Thursday, 17 May 2012

Government warns against its own employment reform proposal

The Department for Business Inovation and Skills has produced a report which suggests that Government plans for 'compensated no fault dismissal' may be detrimental to the economy. The introduction to the report states that: 'Though the UK has a competitive employment framework by international standards, the Government believes that steps can be taken to improve it. Through the Employment Law Review, the Government is pursuing an ambitious programme of reforms to develop the framework to encourage firms to take on staff and grow. As part of this work, BIS recently issued a call for evidence seeking views on the issue of dismissing staff. The call seeks views in particular on the concept of ‘compensated no-fault dismissal’ for businesses with fewer than 10 employees, which would allow these employers to dismiss an employee where no fault is identified, provided a set amount of compensation is paid. The aim of such a reform would be to allow small businesses to have the right number of people at the right time.
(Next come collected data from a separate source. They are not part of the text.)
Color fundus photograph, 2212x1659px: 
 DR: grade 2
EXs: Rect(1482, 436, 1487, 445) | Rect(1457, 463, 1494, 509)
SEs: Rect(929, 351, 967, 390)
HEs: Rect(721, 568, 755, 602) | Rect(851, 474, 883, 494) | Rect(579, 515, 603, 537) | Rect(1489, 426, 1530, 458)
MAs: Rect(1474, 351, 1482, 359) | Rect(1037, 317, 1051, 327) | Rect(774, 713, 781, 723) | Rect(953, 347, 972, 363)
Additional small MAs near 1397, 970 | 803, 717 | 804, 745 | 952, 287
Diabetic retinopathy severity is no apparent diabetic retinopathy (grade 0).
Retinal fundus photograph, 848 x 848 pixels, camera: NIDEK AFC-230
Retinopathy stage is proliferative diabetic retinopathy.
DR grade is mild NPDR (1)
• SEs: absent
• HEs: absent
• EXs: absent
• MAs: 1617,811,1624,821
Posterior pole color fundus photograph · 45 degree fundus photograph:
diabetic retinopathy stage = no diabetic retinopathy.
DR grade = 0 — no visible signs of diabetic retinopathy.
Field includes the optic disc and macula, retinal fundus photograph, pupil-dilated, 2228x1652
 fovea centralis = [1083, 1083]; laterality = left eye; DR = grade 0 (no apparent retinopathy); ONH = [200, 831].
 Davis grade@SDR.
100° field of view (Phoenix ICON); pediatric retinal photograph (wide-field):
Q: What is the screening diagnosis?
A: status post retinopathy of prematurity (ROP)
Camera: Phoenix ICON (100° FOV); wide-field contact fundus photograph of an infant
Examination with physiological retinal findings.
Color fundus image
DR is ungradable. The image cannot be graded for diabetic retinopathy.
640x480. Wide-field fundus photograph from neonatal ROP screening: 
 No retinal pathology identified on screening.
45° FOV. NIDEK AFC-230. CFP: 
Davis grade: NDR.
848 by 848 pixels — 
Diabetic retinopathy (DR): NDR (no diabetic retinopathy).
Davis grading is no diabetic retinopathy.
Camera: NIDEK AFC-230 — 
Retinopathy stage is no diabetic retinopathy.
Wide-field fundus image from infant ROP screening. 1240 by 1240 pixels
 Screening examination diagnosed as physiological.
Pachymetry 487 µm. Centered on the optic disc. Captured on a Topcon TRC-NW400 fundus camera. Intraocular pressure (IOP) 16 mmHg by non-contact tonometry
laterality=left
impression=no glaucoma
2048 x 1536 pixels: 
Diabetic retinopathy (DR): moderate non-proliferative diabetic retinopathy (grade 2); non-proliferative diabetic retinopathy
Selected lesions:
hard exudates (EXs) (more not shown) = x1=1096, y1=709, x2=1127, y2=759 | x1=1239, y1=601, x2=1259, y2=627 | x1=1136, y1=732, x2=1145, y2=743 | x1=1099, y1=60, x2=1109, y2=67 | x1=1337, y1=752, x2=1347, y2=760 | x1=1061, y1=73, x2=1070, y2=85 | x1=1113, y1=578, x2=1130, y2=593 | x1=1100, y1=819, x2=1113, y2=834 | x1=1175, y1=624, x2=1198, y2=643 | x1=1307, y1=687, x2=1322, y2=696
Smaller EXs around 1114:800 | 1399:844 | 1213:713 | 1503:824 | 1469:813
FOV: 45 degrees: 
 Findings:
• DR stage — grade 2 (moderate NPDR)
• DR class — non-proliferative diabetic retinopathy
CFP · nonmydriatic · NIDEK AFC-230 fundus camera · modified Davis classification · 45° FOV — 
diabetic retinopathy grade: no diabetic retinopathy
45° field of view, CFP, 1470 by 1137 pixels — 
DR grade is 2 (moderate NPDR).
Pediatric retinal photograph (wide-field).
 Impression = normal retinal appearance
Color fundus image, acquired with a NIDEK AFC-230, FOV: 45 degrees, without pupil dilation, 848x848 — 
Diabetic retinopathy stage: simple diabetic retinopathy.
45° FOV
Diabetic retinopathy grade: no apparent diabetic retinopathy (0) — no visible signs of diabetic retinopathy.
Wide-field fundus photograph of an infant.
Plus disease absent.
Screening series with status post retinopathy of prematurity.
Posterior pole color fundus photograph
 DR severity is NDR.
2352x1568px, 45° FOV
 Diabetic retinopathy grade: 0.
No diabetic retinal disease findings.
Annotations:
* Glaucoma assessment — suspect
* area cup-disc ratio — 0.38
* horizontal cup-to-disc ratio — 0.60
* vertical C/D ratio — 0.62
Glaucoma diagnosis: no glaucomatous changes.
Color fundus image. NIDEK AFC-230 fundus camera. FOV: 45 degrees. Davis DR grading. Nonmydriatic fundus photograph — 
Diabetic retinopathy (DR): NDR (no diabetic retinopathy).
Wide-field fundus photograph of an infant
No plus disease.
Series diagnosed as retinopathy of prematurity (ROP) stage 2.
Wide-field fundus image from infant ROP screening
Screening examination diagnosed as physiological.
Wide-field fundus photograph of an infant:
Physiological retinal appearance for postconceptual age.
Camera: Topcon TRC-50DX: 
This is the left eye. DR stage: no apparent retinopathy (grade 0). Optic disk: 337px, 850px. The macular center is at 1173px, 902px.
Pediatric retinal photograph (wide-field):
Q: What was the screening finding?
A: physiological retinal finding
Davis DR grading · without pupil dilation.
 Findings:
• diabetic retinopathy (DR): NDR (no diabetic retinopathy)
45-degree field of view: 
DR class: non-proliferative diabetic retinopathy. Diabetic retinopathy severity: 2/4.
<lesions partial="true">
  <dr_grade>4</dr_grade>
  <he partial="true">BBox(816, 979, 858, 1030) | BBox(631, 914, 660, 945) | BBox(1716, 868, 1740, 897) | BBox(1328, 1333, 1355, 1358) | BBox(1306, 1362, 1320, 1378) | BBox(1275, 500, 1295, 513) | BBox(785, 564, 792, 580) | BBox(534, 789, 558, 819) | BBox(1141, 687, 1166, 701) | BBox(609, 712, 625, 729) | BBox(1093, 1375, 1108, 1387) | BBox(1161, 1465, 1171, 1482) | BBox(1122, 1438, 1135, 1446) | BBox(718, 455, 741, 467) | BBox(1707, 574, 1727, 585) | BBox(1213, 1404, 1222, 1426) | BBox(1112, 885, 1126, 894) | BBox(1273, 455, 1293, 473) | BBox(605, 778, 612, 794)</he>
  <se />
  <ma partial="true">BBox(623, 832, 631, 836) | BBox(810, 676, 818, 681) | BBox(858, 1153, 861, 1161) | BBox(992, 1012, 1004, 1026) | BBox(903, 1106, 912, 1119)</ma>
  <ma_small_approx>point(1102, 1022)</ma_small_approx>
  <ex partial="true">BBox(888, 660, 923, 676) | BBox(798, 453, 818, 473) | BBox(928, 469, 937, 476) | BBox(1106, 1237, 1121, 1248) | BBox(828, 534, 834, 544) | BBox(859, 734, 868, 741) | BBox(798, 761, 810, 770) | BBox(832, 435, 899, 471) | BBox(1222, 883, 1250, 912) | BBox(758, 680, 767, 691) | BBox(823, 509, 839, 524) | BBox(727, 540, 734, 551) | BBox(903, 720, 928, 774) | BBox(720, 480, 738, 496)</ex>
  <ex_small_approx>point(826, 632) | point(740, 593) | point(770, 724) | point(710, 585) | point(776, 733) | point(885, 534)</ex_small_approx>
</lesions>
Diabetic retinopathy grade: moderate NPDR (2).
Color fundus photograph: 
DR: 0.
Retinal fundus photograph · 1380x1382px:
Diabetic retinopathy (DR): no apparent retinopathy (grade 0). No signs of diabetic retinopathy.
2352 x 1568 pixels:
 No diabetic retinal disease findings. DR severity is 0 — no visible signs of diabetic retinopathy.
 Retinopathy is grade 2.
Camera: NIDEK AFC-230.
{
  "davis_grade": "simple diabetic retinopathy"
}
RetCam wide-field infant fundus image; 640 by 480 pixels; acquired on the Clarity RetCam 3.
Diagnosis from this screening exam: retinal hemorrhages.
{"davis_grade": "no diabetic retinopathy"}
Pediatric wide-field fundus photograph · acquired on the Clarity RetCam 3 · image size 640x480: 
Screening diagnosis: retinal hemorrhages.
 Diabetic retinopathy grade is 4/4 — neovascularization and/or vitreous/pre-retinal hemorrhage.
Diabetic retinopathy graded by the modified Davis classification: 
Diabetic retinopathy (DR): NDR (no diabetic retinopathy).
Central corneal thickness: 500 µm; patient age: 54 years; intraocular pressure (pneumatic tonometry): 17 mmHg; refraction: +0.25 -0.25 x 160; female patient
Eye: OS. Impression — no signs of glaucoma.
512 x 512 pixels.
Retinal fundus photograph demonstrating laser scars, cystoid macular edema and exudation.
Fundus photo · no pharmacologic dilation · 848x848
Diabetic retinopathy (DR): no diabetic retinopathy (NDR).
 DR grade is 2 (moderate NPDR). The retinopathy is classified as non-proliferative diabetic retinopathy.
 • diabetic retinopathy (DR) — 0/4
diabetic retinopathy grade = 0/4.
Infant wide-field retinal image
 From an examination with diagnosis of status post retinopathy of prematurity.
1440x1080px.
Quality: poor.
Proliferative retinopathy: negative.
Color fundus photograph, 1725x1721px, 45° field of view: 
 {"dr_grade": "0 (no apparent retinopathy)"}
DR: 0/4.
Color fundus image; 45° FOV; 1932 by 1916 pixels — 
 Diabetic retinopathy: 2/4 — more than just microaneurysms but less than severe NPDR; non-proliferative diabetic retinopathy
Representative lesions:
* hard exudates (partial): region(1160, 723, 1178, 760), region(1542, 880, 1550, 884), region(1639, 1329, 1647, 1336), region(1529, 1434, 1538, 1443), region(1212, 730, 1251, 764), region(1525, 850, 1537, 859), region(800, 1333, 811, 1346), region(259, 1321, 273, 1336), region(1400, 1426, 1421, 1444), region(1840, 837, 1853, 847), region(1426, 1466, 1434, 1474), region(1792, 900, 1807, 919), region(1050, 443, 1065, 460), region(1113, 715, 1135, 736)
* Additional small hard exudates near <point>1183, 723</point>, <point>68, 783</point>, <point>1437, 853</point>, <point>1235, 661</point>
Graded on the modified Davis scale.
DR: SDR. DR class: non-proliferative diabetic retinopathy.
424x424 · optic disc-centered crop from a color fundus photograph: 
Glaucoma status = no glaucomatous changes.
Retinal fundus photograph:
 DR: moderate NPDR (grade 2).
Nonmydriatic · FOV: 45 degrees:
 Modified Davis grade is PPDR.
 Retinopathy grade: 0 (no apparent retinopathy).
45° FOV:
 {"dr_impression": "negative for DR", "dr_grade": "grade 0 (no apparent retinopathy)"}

Uninformed economic reform, however, can have adverse and unintended consequences. The Government is therefore seeking to understand the potential economic impact, including the wider impact on both employer and employee confidence, of no-fault dismissal. Bearing this in mind, BIS undertook a study of international labour market regulation. Following an initial assessment of international data BIS identified three countries with particularly relevant features to the no-fault dismissal proposal: Germany, Australia and Spain.' The report goes on look at interesting case studies from other countires which seem to suggest that such a change is not desirable.